Hardly a week goes by without the police bleating that they would like ‘a quiet word’ with a celebrity over some alleged incident. Since September 2005, Sir Ian Blair of the Metropolitan Police Force has routinely told the press that he wants to interview Kate Moss about her alleged cocaine use. Perhaps the most ludicrous bout of celebrity policing was in 2002, when Welsh police interviewed the then director of the BBC, Greg Dyke, about Anne Robinson’s rant against the Welsh on Room 101. As was recently revealed, the police spent nearly £4,000 and over 100 hours investigating Robinson’s jokes about the Welsh.

Then there was the proposed action by North Wales Police last September, when they reportedly planned to question UK prime minister Tony Blair for saying ‘fucking Welsh’ in private six years ago. And more recently there have been calls from some politicians for the singer Morrissey to be investigated, after he made comments supporting violent animal rights extremists.

What is driving this celebrity chasing? As Mick Hume has pointed out, part of the reason why police chiefs are increasingly cracking down on celebrities is because it is assumed that anyone in the public eye should be a role model to young people. (Though quite why anyone would look up to the likes of Michael Barrymore is anyone’s guess.)

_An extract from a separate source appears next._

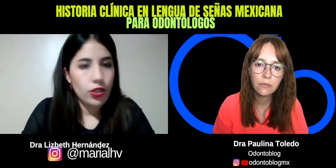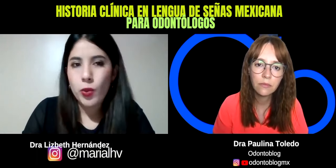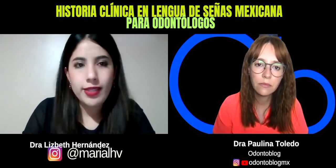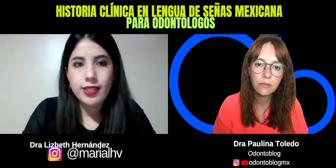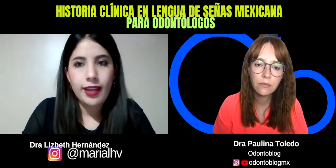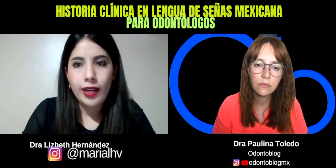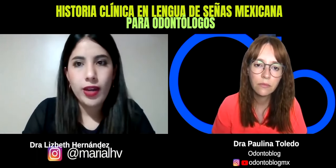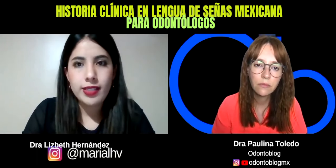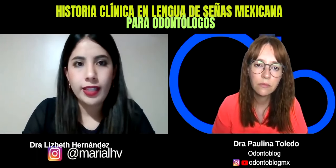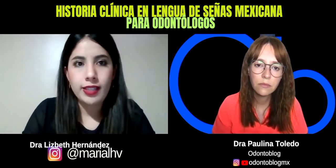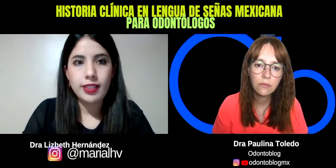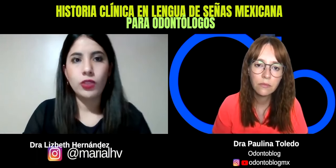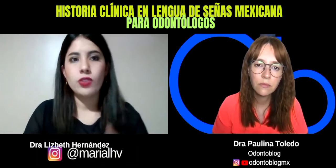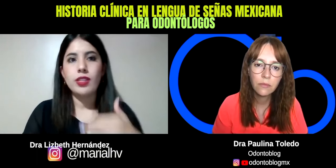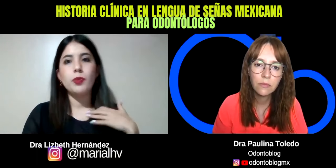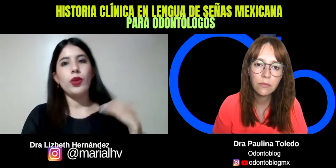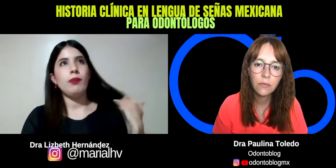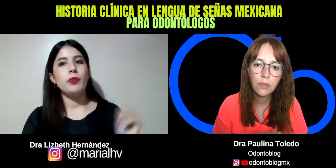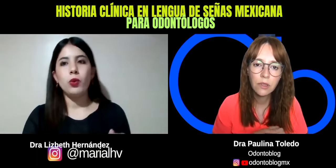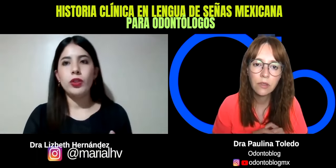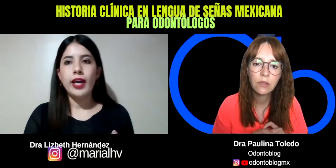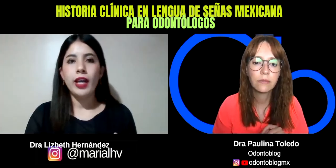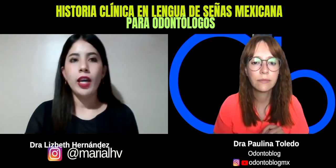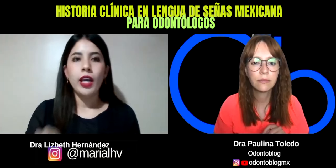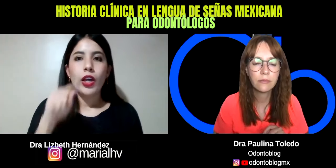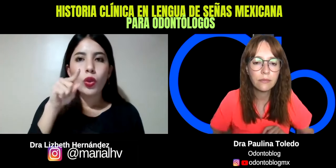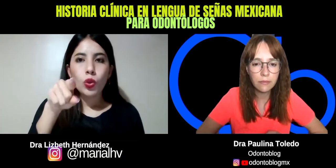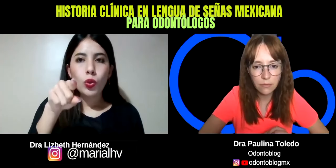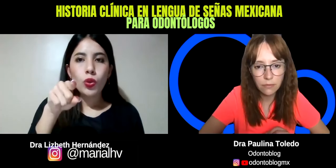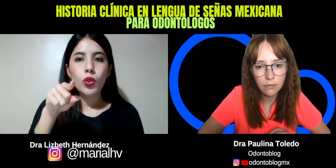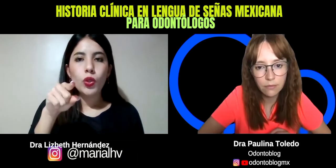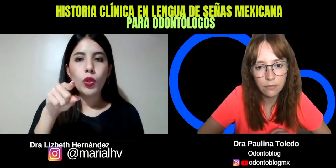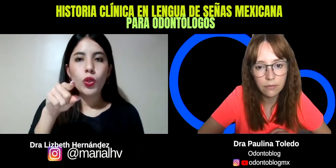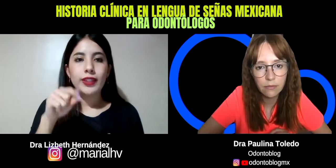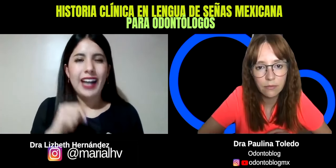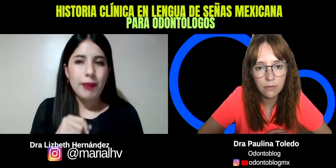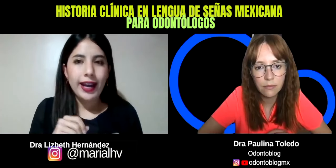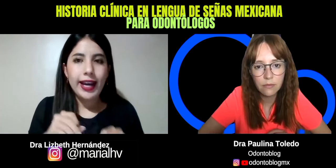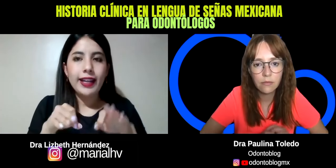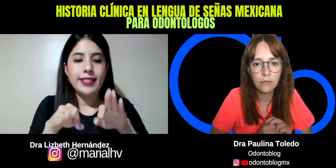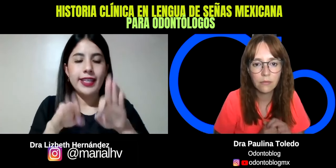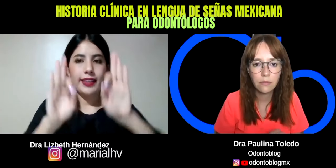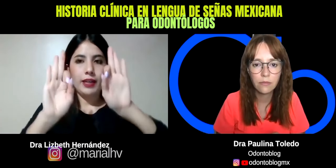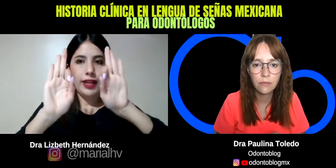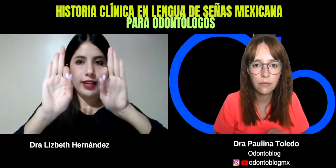no existe en lengua de señas. Entonces, podemos preguntar, tú, trabajar, la seña de trabajar es,

The police often claim that they are only responding to complaints from the public. Since when did hard-nosed coppers jump simply because a member of the public told them to? Police officers weren’t traditionally graced with social skills or helpfulness towards the general public. Today’s police are very keen to show that they are a ‘service’, not a force. As such, no grievance aired by individuals is considered too small or petty to follow up. In fact, the police encourage people to notify them about anything they find offensive. Thus reality TV programmes and snooping on celebrities become ideal vehicles for the police to make legitimising connections with the public.

The police have lost their old role as the constabulary of class conflict, when they policed picket lines and political demonstrations. Now they are looking for a new role for themselves. Thus if George Galloway believes Celebrity Big Brother can boost support for radical left politics, the police apparently believe it can do the same for them too.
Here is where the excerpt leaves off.